The Department of Health spokeswoman said: "We recently announced that there will be specialist teams across the country, based in every strategic health authority, who will provide advice, care and treatment for people with chronic diseases like arthritis, often cutting out the need for visits to GPs and hospitals."

The department is also publishing a National Service Framework (NSF) for the care of elderly people later this year which is likely to include recommendations to improve standards of care for people with arthritis.

"The government has financially supported the development of the Arthritis Care self-management programme in this country and through our research programme and the Medical Research Council, is funding major research projects into arthritis," said the spokeswoman.

A spokeswoman for the Arthritis Research Campaign said that finding an effective treatment for osteoarthritis was a major challenge for researchers and pharmaceutical companies.

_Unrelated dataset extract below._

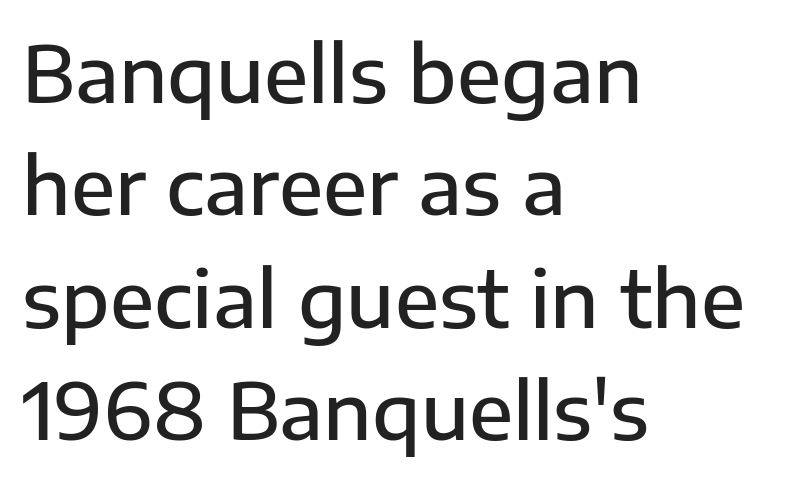
These words are printed semibold, heavier than regular yet not bold. Descenders hang freely into open space. Every character sits straight up, as roman type does. Between one letter and the next there's only the usual sliver of space.

"The other major problem is a lack of knowledge of musculoskeletal conditions, including arthritis, among GPs, and the way these conditions are managed and treated by GPs varies enormously from practice to practice," added the spokesman.

"Many GPs are dismissive about arthritis,telling patients that there is nothing that can be done.

"We are trying to address this with a number of educational and training projects aimed at trainee GPs but the Department of Health needs to take a strong lead on this too."

The OA Nation survey of 1,762 osteoarthritis patients found that almost 50% would need to have frequently unbearable pain levels before presenting to a doctor.

Some respondents had symptoms of OA for more than 25 years, with an average of 12 years. the study found.

The BBC's Sophie Hutchinson
"Campaigners say the government is failing to tackle the problem adequately"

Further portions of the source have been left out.